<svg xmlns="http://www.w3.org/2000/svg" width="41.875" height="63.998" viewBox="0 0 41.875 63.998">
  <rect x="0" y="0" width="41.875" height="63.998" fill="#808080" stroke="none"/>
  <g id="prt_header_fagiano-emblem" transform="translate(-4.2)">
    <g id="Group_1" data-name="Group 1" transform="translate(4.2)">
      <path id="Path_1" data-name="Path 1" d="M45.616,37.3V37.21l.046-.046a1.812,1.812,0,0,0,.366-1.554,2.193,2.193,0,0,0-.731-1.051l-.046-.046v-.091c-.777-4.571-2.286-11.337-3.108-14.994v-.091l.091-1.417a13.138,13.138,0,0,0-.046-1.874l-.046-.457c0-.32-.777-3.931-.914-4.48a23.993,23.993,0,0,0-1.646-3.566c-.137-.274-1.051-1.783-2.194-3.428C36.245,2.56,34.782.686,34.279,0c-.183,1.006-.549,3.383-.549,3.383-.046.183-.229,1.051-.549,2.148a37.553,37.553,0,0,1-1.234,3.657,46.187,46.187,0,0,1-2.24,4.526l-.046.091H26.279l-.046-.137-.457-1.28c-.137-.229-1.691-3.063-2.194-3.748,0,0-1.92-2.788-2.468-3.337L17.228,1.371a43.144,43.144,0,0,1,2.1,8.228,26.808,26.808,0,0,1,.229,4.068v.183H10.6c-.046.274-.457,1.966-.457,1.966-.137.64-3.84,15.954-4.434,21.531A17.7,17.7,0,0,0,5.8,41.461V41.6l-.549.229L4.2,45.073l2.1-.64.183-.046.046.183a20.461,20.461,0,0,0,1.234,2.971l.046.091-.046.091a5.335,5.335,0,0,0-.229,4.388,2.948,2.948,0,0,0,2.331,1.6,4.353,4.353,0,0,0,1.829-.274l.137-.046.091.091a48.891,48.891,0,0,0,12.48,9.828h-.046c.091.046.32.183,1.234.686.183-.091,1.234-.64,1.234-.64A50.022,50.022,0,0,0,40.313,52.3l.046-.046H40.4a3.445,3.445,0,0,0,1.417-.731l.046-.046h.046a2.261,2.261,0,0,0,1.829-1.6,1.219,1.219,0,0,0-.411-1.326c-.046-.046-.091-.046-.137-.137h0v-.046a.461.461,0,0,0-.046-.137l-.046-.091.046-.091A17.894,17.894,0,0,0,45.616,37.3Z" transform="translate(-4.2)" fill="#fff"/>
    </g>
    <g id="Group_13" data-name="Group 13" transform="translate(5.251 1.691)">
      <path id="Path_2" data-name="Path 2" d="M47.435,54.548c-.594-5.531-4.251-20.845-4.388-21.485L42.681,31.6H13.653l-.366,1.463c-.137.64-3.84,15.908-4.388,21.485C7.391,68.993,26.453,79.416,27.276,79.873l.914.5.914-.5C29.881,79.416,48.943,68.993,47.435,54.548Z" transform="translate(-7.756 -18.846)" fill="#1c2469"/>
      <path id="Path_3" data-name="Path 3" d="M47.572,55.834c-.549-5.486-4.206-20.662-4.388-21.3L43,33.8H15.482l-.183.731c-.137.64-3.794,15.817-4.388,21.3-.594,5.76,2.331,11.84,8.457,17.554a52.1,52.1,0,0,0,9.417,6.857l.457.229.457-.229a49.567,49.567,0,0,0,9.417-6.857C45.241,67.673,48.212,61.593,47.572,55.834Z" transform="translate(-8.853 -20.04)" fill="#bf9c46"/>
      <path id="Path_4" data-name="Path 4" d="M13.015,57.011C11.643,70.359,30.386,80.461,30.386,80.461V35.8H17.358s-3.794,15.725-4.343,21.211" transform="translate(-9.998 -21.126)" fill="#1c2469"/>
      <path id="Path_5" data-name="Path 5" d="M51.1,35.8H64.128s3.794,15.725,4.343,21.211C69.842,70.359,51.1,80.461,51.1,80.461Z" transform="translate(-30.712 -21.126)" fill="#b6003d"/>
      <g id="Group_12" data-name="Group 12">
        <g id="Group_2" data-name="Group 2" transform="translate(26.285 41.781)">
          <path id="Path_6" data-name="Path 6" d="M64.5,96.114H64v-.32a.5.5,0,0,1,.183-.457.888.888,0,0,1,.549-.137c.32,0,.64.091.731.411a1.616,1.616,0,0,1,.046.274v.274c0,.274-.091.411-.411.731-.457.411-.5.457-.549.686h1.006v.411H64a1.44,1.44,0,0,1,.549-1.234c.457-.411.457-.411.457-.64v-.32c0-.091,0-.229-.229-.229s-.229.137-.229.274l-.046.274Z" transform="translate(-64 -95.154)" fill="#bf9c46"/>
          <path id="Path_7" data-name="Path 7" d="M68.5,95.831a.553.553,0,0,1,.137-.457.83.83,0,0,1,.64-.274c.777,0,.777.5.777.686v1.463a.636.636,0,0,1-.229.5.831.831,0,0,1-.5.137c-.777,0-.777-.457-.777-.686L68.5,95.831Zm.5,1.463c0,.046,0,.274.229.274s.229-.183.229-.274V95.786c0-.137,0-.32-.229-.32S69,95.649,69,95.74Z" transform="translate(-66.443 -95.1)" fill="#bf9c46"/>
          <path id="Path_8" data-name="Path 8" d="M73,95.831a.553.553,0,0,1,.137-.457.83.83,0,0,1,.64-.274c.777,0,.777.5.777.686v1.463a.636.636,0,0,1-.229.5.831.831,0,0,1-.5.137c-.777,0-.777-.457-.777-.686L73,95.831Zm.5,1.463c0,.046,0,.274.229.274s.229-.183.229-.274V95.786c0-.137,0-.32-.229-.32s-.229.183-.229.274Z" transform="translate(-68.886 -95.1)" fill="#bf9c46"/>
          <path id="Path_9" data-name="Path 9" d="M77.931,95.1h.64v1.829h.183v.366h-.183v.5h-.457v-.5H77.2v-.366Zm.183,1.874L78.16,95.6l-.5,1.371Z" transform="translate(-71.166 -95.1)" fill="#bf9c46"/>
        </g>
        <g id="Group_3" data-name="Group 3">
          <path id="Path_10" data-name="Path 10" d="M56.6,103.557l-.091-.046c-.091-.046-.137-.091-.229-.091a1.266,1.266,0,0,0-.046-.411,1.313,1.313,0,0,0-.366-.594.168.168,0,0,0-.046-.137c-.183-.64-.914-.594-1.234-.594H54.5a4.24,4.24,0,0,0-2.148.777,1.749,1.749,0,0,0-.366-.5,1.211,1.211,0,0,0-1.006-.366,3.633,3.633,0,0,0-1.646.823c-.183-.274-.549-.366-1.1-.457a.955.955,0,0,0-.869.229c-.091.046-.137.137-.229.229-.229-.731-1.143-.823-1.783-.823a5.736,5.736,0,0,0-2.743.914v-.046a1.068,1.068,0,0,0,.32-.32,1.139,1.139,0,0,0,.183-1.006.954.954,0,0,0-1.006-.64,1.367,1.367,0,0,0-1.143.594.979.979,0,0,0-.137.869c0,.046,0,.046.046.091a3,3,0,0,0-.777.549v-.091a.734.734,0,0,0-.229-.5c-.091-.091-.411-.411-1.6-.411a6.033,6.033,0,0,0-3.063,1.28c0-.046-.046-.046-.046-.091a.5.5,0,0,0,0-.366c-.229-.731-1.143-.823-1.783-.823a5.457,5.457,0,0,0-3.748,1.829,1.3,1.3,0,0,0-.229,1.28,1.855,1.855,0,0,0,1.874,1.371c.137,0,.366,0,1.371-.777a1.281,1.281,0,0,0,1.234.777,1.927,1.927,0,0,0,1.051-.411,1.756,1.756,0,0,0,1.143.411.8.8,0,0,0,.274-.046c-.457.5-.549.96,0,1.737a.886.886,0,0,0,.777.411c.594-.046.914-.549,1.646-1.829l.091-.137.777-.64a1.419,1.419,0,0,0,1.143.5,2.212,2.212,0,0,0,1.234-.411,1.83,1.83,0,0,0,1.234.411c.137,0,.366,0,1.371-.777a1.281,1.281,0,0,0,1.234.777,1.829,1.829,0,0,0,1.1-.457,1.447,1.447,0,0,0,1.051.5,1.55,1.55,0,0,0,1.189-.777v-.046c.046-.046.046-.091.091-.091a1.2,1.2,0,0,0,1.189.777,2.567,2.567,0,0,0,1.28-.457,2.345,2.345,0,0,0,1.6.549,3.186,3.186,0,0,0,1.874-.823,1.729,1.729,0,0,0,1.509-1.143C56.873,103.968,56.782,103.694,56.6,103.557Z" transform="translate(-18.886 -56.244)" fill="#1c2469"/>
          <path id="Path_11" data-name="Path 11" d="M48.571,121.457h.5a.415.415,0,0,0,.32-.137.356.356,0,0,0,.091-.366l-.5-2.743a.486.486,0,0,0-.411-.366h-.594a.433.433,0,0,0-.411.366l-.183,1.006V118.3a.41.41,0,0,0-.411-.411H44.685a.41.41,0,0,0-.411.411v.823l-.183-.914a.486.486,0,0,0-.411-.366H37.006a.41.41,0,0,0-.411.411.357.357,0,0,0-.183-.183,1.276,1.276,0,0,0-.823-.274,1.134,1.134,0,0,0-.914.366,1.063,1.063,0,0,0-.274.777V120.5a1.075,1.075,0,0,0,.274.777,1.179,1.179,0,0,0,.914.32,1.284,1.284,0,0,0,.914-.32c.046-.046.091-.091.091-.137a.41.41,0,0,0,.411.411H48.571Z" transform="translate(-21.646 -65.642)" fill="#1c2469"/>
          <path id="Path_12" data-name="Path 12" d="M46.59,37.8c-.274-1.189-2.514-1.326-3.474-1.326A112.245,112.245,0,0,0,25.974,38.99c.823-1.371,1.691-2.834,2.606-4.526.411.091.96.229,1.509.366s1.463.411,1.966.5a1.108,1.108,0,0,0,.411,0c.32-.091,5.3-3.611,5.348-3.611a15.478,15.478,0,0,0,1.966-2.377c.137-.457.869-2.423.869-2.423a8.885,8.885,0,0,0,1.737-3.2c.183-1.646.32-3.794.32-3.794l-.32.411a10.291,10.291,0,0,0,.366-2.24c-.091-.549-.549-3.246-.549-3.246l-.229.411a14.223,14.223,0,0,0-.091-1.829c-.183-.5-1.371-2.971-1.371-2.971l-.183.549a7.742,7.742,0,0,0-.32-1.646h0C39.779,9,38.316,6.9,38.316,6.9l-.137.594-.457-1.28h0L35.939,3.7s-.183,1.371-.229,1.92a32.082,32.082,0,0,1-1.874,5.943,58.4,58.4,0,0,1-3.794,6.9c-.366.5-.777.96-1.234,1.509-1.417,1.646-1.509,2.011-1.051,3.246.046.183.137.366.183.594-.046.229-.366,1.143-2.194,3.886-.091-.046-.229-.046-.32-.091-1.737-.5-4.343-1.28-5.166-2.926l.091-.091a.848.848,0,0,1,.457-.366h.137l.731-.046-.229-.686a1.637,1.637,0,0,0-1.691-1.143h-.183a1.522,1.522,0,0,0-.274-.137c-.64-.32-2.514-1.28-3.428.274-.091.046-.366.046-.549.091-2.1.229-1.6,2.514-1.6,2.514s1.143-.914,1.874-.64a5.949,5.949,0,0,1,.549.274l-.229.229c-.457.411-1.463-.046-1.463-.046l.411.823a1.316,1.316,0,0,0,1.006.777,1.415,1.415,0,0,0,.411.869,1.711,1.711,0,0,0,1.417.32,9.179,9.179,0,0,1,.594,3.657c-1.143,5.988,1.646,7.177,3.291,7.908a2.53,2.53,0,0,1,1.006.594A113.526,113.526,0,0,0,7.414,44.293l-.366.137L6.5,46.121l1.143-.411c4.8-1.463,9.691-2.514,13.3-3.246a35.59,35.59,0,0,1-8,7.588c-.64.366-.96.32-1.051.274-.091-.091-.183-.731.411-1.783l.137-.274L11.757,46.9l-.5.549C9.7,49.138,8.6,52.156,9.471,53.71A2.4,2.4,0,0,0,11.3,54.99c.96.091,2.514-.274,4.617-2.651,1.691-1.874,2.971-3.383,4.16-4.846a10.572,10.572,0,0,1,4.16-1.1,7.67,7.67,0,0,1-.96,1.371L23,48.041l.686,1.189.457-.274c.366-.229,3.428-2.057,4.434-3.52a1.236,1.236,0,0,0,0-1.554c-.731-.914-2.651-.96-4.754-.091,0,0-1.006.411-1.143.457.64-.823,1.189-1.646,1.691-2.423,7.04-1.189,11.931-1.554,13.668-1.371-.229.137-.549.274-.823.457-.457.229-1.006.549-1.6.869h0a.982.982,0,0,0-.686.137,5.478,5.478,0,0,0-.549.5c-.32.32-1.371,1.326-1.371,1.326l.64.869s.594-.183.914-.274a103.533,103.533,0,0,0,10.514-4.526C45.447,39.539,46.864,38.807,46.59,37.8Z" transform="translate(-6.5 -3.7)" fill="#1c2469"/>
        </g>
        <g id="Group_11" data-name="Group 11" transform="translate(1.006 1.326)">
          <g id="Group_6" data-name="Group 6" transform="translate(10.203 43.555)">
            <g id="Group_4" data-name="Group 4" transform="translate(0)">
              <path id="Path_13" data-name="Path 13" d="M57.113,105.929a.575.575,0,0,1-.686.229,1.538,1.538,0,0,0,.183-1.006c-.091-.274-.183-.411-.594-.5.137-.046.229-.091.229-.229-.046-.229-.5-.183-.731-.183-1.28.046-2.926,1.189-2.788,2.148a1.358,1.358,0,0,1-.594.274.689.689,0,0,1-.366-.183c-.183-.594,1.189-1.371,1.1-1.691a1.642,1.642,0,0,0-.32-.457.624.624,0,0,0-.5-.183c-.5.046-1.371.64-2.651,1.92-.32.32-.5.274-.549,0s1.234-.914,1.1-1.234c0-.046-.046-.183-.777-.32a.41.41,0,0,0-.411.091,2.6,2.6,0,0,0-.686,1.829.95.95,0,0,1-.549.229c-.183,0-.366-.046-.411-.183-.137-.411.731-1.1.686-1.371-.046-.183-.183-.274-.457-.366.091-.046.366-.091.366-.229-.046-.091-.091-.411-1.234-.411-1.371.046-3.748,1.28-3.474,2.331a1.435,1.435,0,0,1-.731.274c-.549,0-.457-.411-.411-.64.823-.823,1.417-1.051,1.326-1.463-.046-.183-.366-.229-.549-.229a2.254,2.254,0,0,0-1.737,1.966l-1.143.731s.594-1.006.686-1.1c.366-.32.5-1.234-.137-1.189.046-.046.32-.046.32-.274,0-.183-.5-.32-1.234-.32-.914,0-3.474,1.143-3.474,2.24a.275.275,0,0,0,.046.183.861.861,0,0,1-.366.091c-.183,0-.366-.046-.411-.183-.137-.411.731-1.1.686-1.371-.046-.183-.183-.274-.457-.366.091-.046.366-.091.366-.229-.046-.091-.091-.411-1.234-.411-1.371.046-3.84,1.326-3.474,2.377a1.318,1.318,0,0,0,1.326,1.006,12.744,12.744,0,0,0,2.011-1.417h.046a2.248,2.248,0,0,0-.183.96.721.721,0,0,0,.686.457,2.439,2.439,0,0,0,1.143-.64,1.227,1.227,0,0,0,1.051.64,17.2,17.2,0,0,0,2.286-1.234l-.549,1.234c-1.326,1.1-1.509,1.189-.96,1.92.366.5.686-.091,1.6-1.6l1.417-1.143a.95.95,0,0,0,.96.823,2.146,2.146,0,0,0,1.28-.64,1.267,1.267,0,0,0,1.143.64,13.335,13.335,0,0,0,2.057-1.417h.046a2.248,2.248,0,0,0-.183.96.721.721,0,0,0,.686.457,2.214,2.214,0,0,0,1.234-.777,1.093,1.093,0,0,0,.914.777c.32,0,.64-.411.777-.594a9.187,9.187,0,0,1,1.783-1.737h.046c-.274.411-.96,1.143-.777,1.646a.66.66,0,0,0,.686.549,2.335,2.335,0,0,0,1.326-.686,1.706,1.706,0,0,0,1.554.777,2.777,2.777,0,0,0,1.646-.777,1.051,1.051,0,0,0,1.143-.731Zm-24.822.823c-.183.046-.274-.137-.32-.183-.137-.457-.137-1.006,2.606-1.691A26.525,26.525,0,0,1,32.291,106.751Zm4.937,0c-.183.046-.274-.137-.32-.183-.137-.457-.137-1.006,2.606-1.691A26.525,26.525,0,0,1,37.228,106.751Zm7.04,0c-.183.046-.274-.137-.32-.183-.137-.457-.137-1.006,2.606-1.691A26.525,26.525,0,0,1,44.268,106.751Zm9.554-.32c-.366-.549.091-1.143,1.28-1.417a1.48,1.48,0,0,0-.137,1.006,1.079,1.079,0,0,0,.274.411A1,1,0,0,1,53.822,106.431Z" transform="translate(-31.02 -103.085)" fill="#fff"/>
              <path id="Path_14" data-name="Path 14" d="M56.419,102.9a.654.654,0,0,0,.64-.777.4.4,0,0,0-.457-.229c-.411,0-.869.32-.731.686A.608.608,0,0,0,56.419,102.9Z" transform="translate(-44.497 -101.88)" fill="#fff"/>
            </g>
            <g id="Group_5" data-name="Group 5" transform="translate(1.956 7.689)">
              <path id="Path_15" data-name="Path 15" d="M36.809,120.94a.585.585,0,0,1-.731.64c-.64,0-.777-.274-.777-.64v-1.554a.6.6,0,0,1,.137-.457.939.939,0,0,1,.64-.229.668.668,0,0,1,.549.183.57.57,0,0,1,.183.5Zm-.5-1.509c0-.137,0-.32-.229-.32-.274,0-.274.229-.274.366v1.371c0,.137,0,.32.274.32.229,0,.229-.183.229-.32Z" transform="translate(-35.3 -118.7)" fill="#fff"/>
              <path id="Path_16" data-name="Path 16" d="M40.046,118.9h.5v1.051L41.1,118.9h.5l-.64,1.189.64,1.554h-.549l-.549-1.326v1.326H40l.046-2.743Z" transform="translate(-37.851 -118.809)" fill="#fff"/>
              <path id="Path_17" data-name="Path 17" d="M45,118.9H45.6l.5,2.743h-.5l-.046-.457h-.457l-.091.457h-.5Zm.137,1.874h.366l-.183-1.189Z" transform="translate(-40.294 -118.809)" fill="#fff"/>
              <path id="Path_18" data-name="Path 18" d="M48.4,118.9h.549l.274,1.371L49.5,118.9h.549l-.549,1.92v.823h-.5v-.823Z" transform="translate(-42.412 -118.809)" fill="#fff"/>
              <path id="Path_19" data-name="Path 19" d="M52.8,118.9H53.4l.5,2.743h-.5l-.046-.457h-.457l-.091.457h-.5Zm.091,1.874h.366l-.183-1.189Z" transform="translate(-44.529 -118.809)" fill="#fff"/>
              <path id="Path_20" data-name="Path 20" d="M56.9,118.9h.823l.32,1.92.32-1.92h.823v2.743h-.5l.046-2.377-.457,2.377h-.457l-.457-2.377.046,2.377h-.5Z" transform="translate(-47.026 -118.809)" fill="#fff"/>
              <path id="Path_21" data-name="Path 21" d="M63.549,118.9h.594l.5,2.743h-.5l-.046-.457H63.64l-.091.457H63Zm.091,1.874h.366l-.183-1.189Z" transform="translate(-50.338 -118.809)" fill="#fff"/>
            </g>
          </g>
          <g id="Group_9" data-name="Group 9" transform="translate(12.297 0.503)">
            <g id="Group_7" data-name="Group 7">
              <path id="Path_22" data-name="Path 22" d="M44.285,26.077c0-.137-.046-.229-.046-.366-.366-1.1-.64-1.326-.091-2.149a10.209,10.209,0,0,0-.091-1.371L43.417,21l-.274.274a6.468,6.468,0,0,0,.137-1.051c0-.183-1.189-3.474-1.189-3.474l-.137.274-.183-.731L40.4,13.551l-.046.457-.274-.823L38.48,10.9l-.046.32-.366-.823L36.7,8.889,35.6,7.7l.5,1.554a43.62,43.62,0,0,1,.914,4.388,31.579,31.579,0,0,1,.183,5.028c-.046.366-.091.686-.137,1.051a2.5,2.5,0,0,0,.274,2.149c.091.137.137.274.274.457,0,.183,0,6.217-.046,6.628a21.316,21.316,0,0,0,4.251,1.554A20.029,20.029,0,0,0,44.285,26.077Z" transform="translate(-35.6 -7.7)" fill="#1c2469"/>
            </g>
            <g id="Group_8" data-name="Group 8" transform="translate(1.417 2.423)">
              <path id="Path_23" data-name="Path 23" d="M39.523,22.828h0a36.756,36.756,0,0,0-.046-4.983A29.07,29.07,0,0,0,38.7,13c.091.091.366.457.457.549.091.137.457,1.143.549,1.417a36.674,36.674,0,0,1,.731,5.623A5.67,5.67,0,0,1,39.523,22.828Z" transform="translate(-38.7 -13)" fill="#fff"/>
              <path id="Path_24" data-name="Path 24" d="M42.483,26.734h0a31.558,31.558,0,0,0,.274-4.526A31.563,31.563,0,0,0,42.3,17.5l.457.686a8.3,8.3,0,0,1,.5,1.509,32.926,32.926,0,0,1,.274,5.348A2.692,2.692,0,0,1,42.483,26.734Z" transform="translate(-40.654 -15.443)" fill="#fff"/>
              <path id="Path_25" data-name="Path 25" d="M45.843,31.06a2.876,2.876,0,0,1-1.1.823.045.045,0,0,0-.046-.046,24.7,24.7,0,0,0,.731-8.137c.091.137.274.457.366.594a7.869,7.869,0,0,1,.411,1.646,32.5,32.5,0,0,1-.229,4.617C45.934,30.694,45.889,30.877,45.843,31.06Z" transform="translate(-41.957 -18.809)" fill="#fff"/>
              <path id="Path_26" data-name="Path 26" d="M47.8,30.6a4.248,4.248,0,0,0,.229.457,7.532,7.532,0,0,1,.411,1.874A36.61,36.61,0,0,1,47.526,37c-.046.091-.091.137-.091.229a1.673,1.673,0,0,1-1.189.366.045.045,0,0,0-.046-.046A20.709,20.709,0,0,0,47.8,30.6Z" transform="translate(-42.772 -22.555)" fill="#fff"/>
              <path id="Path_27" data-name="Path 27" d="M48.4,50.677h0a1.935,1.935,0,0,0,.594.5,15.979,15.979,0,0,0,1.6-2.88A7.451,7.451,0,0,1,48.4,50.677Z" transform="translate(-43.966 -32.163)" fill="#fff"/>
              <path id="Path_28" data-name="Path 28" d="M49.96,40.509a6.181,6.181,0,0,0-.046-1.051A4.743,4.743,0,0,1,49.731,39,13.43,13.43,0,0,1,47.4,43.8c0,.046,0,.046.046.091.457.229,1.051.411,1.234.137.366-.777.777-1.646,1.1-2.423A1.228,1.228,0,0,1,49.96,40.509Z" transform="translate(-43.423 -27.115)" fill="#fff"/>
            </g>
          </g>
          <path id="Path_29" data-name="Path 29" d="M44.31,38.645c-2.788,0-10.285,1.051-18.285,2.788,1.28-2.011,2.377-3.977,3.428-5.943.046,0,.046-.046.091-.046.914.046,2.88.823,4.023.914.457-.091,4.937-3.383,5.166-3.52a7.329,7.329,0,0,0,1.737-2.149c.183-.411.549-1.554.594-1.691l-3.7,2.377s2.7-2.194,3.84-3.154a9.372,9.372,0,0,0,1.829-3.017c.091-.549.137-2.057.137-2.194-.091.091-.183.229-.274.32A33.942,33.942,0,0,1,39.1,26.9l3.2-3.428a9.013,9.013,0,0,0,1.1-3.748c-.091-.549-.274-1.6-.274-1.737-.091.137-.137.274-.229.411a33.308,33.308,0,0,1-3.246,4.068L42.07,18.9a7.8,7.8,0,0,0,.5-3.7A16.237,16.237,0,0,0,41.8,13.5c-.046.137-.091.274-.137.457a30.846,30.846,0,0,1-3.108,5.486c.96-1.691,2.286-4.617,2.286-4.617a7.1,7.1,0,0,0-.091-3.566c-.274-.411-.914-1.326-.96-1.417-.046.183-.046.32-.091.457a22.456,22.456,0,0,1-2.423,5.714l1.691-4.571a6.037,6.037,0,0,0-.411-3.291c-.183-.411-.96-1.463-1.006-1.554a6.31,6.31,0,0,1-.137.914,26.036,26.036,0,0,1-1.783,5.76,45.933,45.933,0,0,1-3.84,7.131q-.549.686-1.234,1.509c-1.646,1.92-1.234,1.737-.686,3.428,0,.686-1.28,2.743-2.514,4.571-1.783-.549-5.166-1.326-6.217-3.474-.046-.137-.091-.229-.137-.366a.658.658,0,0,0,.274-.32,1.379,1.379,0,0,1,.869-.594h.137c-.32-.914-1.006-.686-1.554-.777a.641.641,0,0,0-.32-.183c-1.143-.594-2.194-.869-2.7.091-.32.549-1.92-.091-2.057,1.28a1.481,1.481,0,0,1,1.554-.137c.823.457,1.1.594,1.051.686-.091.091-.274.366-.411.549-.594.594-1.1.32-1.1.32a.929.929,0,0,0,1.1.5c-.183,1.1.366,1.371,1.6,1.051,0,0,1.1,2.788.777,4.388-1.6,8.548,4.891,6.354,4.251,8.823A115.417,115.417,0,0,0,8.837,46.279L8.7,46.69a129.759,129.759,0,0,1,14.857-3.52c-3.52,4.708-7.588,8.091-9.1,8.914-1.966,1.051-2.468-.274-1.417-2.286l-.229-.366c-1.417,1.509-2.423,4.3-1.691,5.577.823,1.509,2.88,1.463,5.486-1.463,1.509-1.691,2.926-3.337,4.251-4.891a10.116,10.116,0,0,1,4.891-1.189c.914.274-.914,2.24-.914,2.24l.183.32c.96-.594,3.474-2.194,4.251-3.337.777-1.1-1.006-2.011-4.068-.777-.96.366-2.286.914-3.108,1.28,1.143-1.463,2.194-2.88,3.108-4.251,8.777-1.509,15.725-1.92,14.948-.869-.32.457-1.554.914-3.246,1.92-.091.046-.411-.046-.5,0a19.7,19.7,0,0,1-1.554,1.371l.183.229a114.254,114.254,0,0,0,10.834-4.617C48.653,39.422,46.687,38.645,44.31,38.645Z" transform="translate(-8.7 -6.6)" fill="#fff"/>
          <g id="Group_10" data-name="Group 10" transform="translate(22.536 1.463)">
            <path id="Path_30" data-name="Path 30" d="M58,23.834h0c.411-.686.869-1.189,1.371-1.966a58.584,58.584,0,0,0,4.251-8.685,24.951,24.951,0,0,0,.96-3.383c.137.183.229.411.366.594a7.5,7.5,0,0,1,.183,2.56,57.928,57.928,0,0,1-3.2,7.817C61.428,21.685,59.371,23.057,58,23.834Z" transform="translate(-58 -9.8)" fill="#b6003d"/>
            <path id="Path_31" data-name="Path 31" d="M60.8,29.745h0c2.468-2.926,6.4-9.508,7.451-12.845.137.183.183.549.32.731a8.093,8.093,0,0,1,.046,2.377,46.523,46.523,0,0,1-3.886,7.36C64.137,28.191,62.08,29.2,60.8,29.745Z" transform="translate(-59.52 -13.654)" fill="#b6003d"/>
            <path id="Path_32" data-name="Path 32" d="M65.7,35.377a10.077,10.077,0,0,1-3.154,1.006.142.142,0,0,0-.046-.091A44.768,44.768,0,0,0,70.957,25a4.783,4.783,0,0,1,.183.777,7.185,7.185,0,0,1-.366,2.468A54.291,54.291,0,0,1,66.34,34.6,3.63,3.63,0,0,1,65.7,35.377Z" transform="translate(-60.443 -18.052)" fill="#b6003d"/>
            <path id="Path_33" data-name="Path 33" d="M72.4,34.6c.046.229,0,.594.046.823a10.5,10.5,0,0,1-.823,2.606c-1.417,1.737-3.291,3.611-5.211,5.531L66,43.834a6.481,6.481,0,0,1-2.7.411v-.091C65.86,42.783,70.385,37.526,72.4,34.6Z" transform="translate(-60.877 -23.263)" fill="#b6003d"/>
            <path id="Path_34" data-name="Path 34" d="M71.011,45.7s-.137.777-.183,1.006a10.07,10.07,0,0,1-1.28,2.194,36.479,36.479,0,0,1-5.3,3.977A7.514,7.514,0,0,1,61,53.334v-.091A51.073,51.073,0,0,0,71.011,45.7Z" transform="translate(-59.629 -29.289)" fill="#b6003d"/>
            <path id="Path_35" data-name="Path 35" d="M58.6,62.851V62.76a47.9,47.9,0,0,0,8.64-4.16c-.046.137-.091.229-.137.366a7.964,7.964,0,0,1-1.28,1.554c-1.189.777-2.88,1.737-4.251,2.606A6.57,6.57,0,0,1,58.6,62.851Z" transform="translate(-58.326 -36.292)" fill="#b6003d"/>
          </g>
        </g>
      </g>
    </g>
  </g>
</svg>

══════

(TASK DESCRIPTION):
Go through the data and show each line that holds "width".

(TASK RESPONSE):
<svg xmlns="http://www.w3.org/2000/svg" width="41.875" height="63.998" viewBox="0 0 41.875 63.998">
  <rect x="0" y="0" width="41.875" height="63.998" fill="#808080" stroke="none"/>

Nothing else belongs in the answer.